A week or two ago, somebody from customer support came to me because certain customer sites were having some weird problems – some sites weren’t seeing new content even though it had been delivered and couldn’t update their schedules. She reported that restarting our services fixed it on most sites, but on one she’d had to reboot. Unfortunately the wasn’t anything obvious in the logs. The weird thing is that she said that the problem started with our content provider moved to the new servers – but the content provider says that they didn’t change what they were sending, just what servers they were sending it from.
After a few days, she managed to find one site that still having the problem, and I poked around and still couldn’t find much, except for the fact that if I went into the postgres command line, psql, it would allow me to do anything on the database except query one particular table. If I tried to do anything on that table, it would freeze up. Hmmm. Lacking any other ideas, I shut down the database server and restarted it, and that cleared up the problem. But shutting down the database server also kills off any processes that might be using the database. I was starting to think that two processes were in a deadlock over this one particular table. I filed away the information and asked for her to call me if it happened on any other sites.

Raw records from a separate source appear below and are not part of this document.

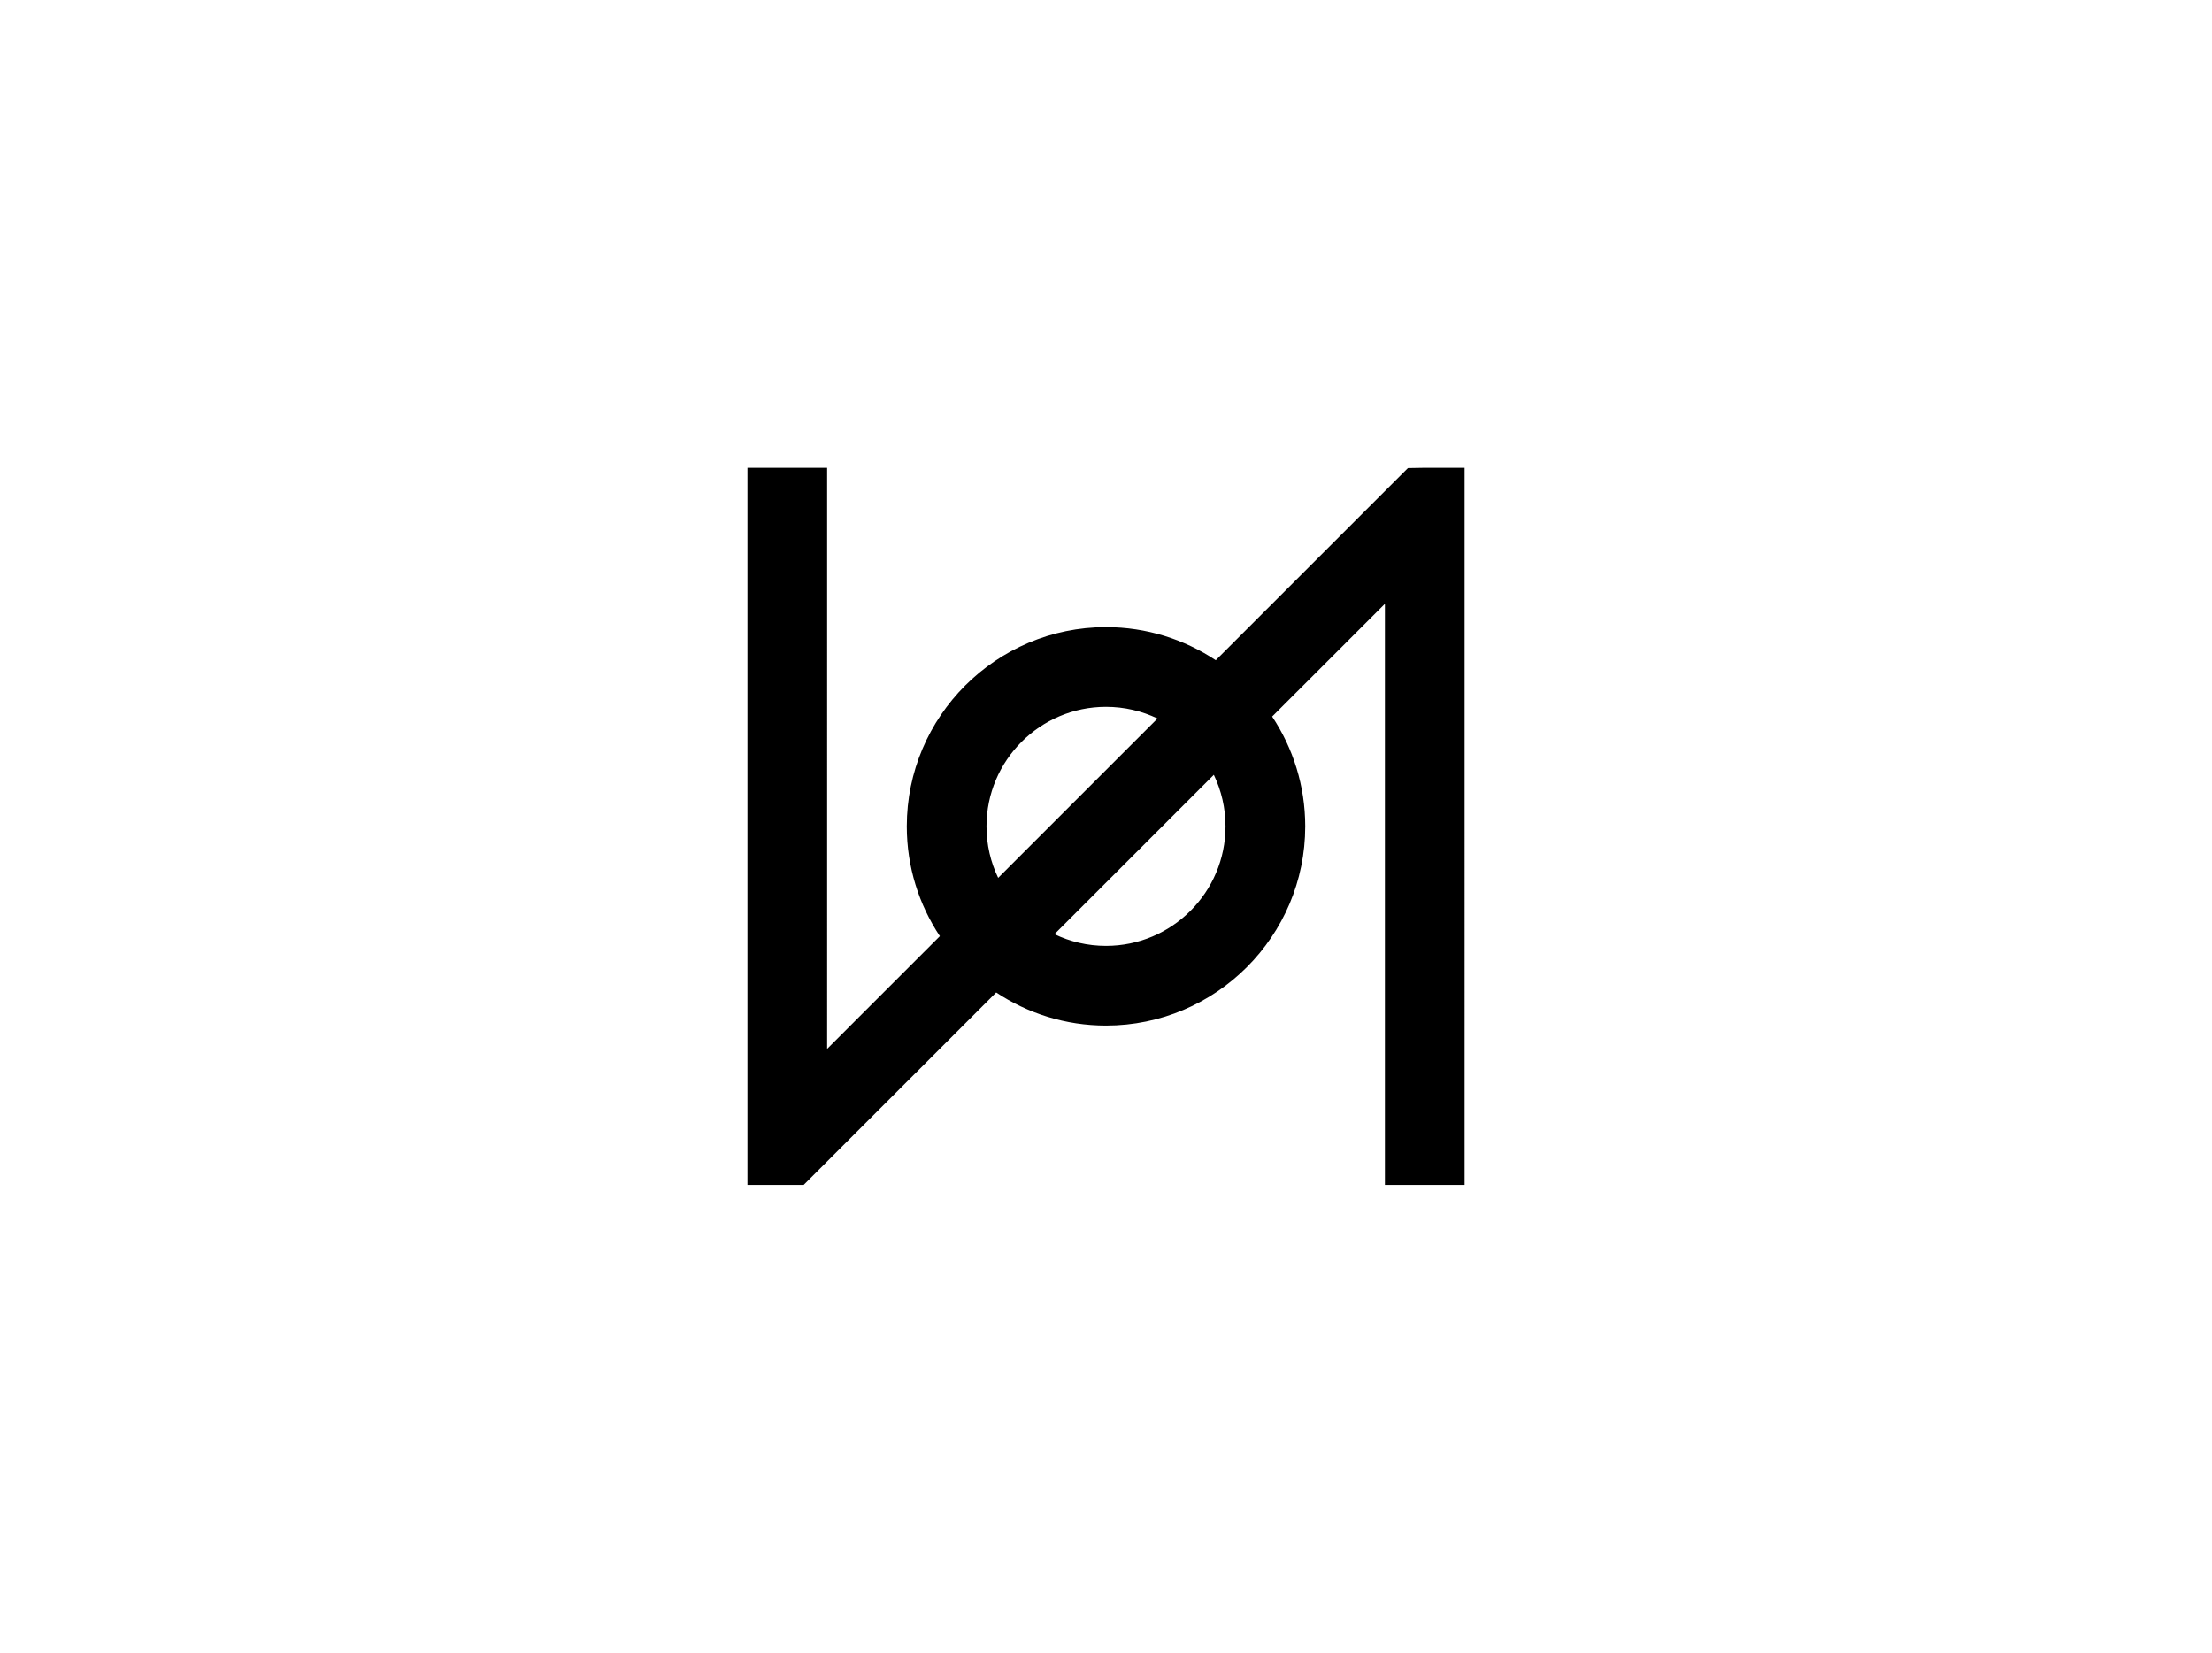 <?xml version="1.0" encoding="utf-8"?>
<!-- Generator: Adobe Illustrator 26.0.3, SVG Export Plug-In . SVG Version: 6.00 Build 0)  -->
<svg version="1.1" id="Capa_1" xmlns="http://www.w3.org/2000/svg" xmlns:xlink="http://www.w3.org/1999/xlink" x="0px" y="0px"
	 viewBox="0 0 767 573" style="enable-background:new 0 0 767 573;" xml:space="preserve">
<style type="text/css">
	.st0{fill:none;stroke:#000000;stroke-miterlimit:10;}
	.st1{fill:#020203;}
	.st2{fill:#1E1E1C;}
	.st3{fill:#6D6D6D;}
	.st4{fill:#888A89;}
	.st5{fill:#231F20;}
	.st6{fill:#FFFFFF;}
	.st7{stroke:#000000;stroke-width:2;stroke-miterlimit:10;}
	.st8{stroke:#000000;stroke-width:0.25;stroke-miterlimit:10;}
	.st9{fill:#5F5F5F;}
	.st10{enable-background:new    ;}
</style>
<path d="M494.01,162.17l-5.82,0.1l-66.63,66.63c-10.92-7.24-24.01-11.47-38.07-11.47c-38.09,0-69.07,30.98-69.07,69.07
	c0,14.06,4.23,27.15,11.47,38.07l-39.09,39.09V175.99v-13.81h-27.63v13.81v221.02v13.81h13.8c0.01,0,0.01,0,0.02,0l5.68,0
	l66.75-66.73c10.93,7.25,24.02,11.48,38.09,11.48c38.09,0,69.07-30.98,69.07-69.07c0-14.06-4.23-27.15-11.47-38.07l39.1-39.09
	v187.67v13.81h27.63v-13.81V175.99v-13.81H494.01z M342.06,286.5c0-22.85,18.59-41.44,41.44-41.44c6.39,0,12.45,1.46,17.86,4.05
	l-55.25,55.25C343.51,298.95,342.06,292.89,342.06,286.5z M424.94,286.5c0,22.85-18.59,41.44-41.44,41.44
	c-6.4,0-12.46-1.46-17.87-4.06l55.26-55.25C423.48,274.05,424.94,280.11,424.94,286.5z"/>
</svg>

This morning, she comes and says it’s happened on several sites at once. She logged me into one of the sites, and sure enough psql would block if I tried to select from that same damn table. Time to dig a little deeper. “select * from pg_locks” showed a couple of exclusive locks. Hmmm. Doing a “ps auwwfx” showed that there was a vacuumdb going on. Oh oh. It’s the nightly backup scripts. A couple of years ago (21Sep2005), I threw a call to “vacuumdb –analyze –full” in there. A bit of googling showed that duh, you’re not supposed to do a “–full” when anything else is going on because it does an exclusive lock on full tables. And JDBC has to take some sort of weird work-around for the fact that Postgres doesn’t give them an easy way to turn autocommit on, so they do the equivalent of a “commit;begin;” after every command. And this causes some locking of its own to go on which is clashing with the vacuumdb locking.
In all this time, it’s never caused any problems, or at least none with any regularity, but evidently the server relocation has caused some content ingestion to happen at the exact time this vacuumdb is going on, and causing these particular sites to have semi-regular problems.
I told them to go around to all the customer sites and edit /etc/init.d/backup_cos_files and remove the “–full” from the vacuumdb command line, and all should be well. I can’t believe I made such a dumb mistake, and that it didn’t cause any problems until now. Actually, I’m sort of hoping it will solve my other mysterious database lock up that was only happening about once a year per site. But that’s probably too much to hope for.